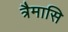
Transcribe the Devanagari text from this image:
त्रैमासि
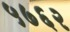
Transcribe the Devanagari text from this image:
५७६२
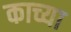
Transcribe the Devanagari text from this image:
काच्या
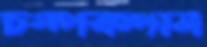
চম্পকদাম
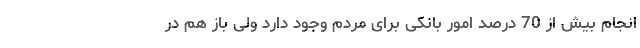
انجام بیش از 70 درصد امور بانکی برای مردم وجود دارد ولی باز هم در
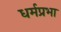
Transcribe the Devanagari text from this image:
धर्मप्रभा
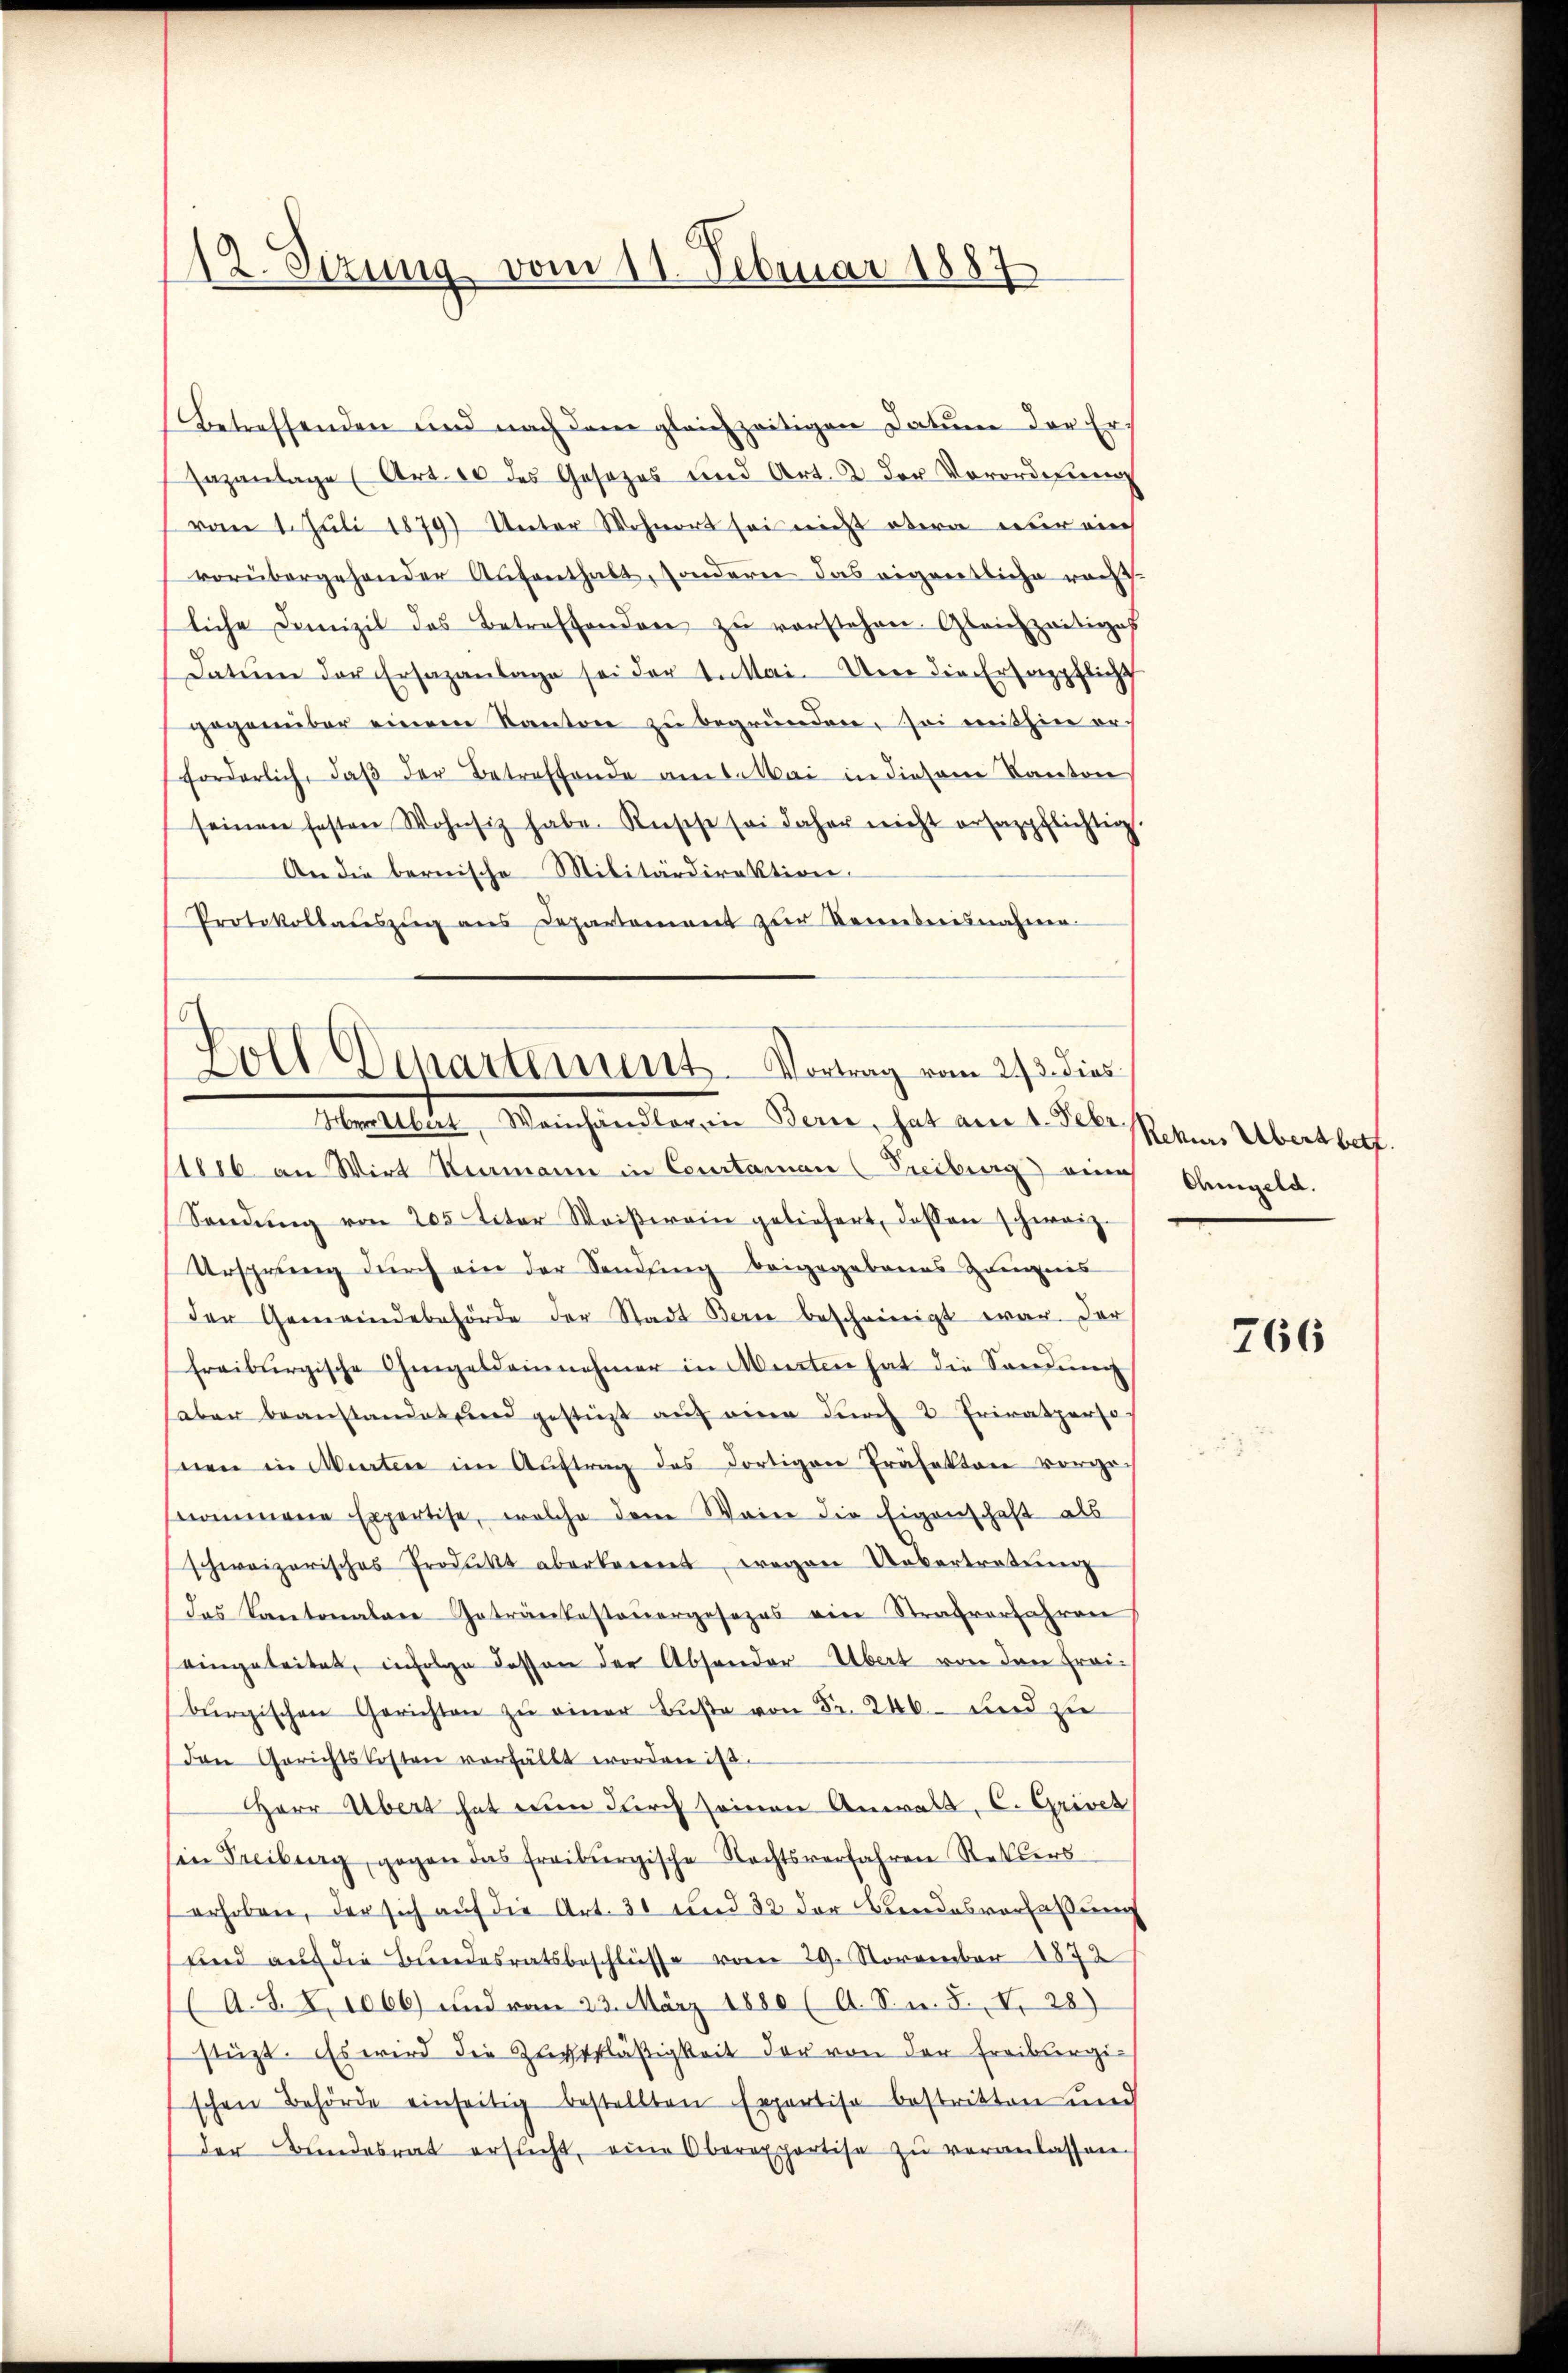
12. Sizung vom 11. Februar 1887

Betreffenden und nach dem gleichzeitigen Datum der Er-
sazantage (Art. 10 des Gesezes und Art. 2 der Vorordnung
vom 1. Juli 1879) Unter Wohner sei nicht obern nur auch
vorübergehender Aufenthalt, sondern das eigentliche rach
liche Domizil des Betreffenden zu verstehen. Gleichzeitiges
Datum der Ersazanlage sei der 1. Mai. Um die Ersazpflichs
gegenüber einem Kanton zu begründen, sei mithin orforderlich, daβ der Betreffende am Mai in diesem Kanton
seinen festen Wohnsiz habe. Rüsche sei daher nicht ersazpflichtig.
An die bernische Militärdirektion.
Protokollaŭszŭg ans Departement zŭr Semeterisnahmen

1886 an Wirt Hermann in Courtamen (Freiburg) eine Ohmgeld.
Sendŭng von 205 liter Weiβerein geliefert, dassen schweiz.
Ursprung durch ein der Sendung beigegebenes Zeugnis
der Gemeindebehörde der Stadt Bern bescheinigt war. Der
Freiburgische Gengeldeinehmer in Werten hat die Sandung
aber beanstandet sind gestürzt aŭf eine durch 3 Privatperso
nen in Wirten im Auftrag des dortigen Präfekten vorgenommene Expertise, welche dem Weine die Eigenschaft als
schweizerisches Produkt aberkennet, wegen Uebertretung
das Kantonalare Getränkesteuergesezes ein Strafverfahren
eingeleitet, infolge dessen der Absonder Übert von den Freiburgischen Gerichten zŭ einer Bŭβe von Fr. 246 und zu
Den Gerichtskosten verfällt worden ist.
Herr Übert hat nun durch seinen Anwalt, C. Grives
in Treiburg, gegen das freiburgische Rechtsverfahren Rekurs
erhoben, der sich auf die Art. 31 und 32 der Bandesverfaßung
sind aŭf die Bŭndesratsbeschlüsse vom 29. November 1872
(A. S. X. 1066) und vom 23. März 1880 (A. S. n. F. V.28)
stüzt. Es wird die Zugsfläßigkeit der von der Freibergischen Behörde einseitig bestellten Expertise bestritten und
der Bundesrat ersucht, eine Oberapportise zu veranlassen.

Zoll Departement. Vortrag vom 2/3. dies
Mettler, Mancherlegen Berne, hat am 1. Febr.

Rekurs Übertbett.

766

== ACTIVITY ==
Working from the listing above, pick out every line that has "Expertise" and copy it.

== RESPONSE TO THE TASK ==
nen in Wirten im Auftrag des dortigen Präfekten vorgenommene Expertise, welche dem Weine die Eigenschaft als
stüzt. Es wird die Zugsfläßigkeit der von der Freibergischen Behörde einseitig bestellten Expertise bestritten und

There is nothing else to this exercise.